■ Assignment ■
Would you please reproduce all the entries word for word, minus the pictures?

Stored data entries
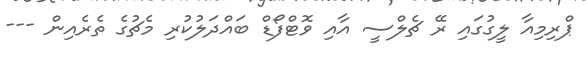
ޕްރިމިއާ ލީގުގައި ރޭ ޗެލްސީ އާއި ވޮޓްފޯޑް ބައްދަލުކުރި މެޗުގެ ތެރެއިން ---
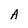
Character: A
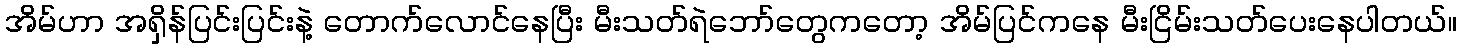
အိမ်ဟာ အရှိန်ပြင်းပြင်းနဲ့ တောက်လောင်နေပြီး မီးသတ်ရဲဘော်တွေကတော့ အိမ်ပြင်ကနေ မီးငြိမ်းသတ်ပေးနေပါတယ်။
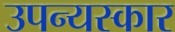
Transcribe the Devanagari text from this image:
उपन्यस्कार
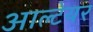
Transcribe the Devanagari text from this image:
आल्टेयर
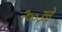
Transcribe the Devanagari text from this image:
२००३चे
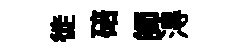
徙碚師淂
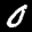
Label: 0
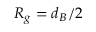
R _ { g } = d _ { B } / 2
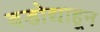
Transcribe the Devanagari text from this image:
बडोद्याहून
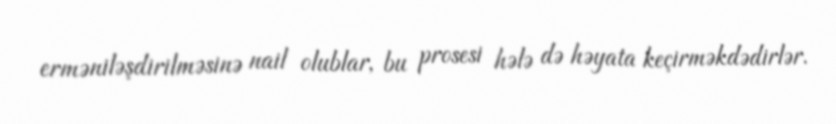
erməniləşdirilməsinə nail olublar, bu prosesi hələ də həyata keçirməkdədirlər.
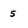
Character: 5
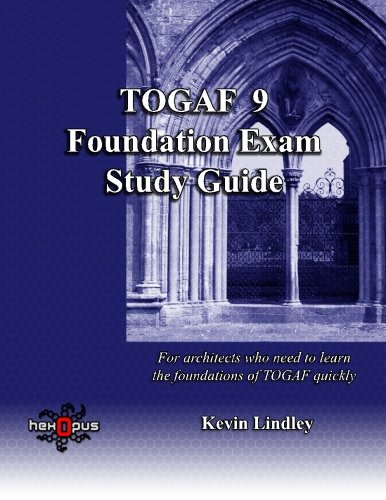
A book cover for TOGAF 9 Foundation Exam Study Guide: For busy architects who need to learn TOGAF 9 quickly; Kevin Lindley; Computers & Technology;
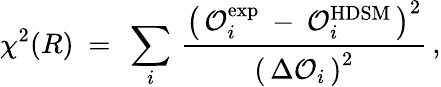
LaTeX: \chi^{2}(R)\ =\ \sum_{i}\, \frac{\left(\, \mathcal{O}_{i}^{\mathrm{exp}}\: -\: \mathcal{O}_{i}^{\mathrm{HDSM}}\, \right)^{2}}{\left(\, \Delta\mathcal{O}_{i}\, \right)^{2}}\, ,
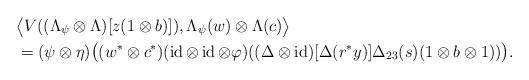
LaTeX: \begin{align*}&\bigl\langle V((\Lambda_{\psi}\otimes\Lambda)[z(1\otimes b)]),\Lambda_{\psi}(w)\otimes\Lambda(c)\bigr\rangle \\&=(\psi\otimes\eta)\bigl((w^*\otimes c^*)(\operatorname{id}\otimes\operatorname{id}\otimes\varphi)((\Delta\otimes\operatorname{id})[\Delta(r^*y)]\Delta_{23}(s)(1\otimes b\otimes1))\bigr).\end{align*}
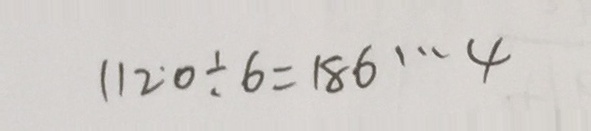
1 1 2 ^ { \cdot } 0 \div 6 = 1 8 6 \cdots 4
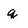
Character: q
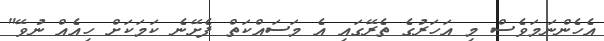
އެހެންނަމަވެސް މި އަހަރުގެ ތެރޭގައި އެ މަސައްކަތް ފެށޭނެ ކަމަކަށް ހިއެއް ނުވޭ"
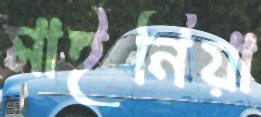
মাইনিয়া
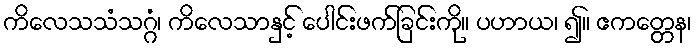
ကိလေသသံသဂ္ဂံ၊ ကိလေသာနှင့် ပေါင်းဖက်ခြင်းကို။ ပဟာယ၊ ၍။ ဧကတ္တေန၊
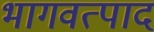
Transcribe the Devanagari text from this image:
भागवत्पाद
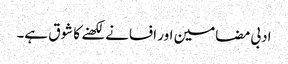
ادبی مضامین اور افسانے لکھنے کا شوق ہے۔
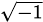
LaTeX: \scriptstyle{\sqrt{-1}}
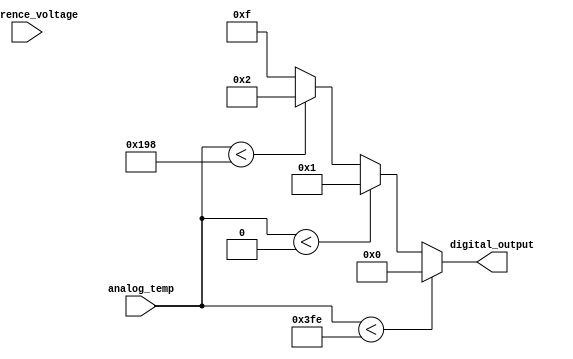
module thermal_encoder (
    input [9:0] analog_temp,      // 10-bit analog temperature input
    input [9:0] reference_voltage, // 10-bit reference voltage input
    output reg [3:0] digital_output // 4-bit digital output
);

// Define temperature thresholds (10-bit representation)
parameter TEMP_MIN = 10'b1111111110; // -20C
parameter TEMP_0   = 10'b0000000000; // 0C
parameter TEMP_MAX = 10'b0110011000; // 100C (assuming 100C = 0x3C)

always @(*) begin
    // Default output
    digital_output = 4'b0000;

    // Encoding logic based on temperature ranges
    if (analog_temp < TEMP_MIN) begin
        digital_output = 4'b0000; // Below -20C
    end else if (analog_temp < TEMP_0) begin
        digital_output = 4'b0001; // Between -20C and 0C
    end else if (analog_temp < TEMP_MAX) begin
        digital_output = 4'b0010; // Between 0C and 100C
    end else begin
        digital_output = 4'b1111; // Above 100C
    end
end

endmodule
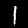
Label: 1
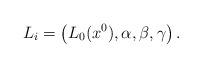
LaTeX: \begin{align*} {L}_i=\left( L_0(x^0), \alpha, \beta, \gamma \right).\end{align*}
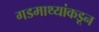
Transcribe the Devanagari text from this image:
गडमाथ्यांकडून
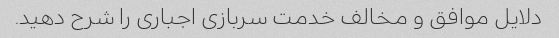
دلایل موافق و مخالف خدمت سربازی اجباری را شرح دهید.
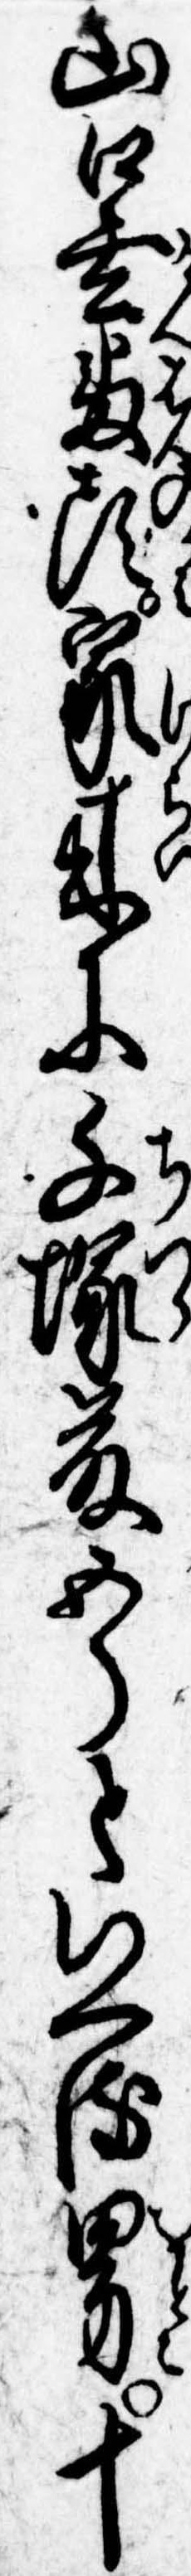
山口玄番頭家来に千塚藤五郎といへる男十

■ Solution ■
ޕްރިމިއާ ލީގުގައި ރޭ ޗެލްސީ އާއި ވޮޓްފޯޑް ބައްދަލުކުރި މެޗުގެ ތެރެއިން ---
Character: A
အိမ်ဟာ အရှိန်ပြင်းပြင်းနဲ့ တောက်လောင်နေပြီး မီးသတ်ရဲဘော်တွေကတော့ အိမ်ပြင်ကနေ မီးငြိမ်းသတ်ပေးနေပါတယ်။
Transcribe the Devanagari text from this image:
उपन्यस्कार
Transcribe the Devanagari text from this image:
आल्टेयर
Transcribe the Devanagari text from this image:
२००३चे
徙碚師淂
Label: 0
R _ { g } = d _ { B } / 2
Transcribe the Devanagari text from this image:
बडोद्याहून
erməniləşdirilməsinə nail olublar, bu prosesi hələ də həyata keçirməkdədirlər.
Character: 5
A book cover for TOGAF 9 Foundation Exam Study Guide: For busy architects who need to learn TOGAF 9 quickly; Kevin Lindley; Computers & Technology;
LaTeX: \chi^{2}(R)\ =\ \sum_{i}\, \frac{\left(\, \mathcal{O}_{i}^{\mathrm{exp}}\: -\: \mathcal{O}_{i}^{\mathrm{HDSM}}\, \right)^{2}}{\left(\, \Delta\mathcal{O}_{i}\, \right)^{2}}\, ,
LaTeX: \begin{align*}&\bigl\langle V((\Lambda_{\psi}\otimes\Lambda)[z(1\otimes b)]),\Lambda_{\psi}(w)\otimes\Lambda(c)\bigr\rangle \\&=(\psi\otimes\eta)\bigl((w^*\otimes c^*)(\operatorname{id}\otimes\operatorname{id}\otimes\varphi)((\Delta\otimes\operatorname{id})[\Delta(r^*y)]\Delta_{23}(s)(1\otimes b\otimes1))\bigr).\end{align*}
1 1 2 ^ { \cdot } 0 \div 6 = 1 8 6 \cdots 4
Character: q
އެހެންނަމަވެސް މި އަހަރުގެ ތެރޭގައި އެ މަސައްކަތް ފެށޭނެ ކަމަކަށް ހިއެއް ނުވޭ"
মাইনিয়া
ကိလေသသံသဂ္ဂံ၊ ကိလေသာနှင့် ပေါင်းဖက်ခြင်းကို။ ပဟာယ၊ ၍။ ဧကတ္တေန၊
Transcribe the Devanagari text from this image:
भागवत्पाद
ادبی مضامین اور افسانے لکھنے کا شوق ہے۔
LaTeX: \scriptstyle{\sqrt{-1}}
module thermal_encoder (
    input [9:0] analog_temp,      // 10-bit analog temperature input
    input [9:0] reference_voltage, // 10-bit reference voltage input
    output reg [3:0] digital_output // 4-bit digital output
);

// Define temperature thresholds (10-bit representation)
parameter TEMP_MIN = 10'b1111111110; // -20C
parameter TEMP_0   = 10'b0000000000; // 0C
parameter TEMP_MAX = 10'b0110011000; // 100C (assuming 100C = 0x3C)

always @(*) begin
    // Default output
    digital_output = 4'b0000;

    // Encoding logic based on temperature ranges
    if (analog_temp < TEMP_MIN) begin
        digital_output = 4'b0000; // Below -20C
    end else if (analog_temp < TEMP_0) begin
        digital_output = 4'b0001; // Between -20C and 0C
    end else if (analog_temp < TEMP_MAX) begin
        digital_output = 4'b0010; // Between 0C and 100C
    end else begin
        digital_output = 4'b1111; // Above 100C
    end
end

endmodule
Label: 1
LaTeX: \begin{align*} {L}_i=\left( L_0(x^0), \alpha, \beta, \gamma \right).\end{align*}
Transcribe the Devanagari text from this image:
गडमाथ्यांकडून
دلایل موافق و مخالف خدمت سربازی اجباری را شرح دهید.
山口玄番頭家来に千塚藤五郎といへる男十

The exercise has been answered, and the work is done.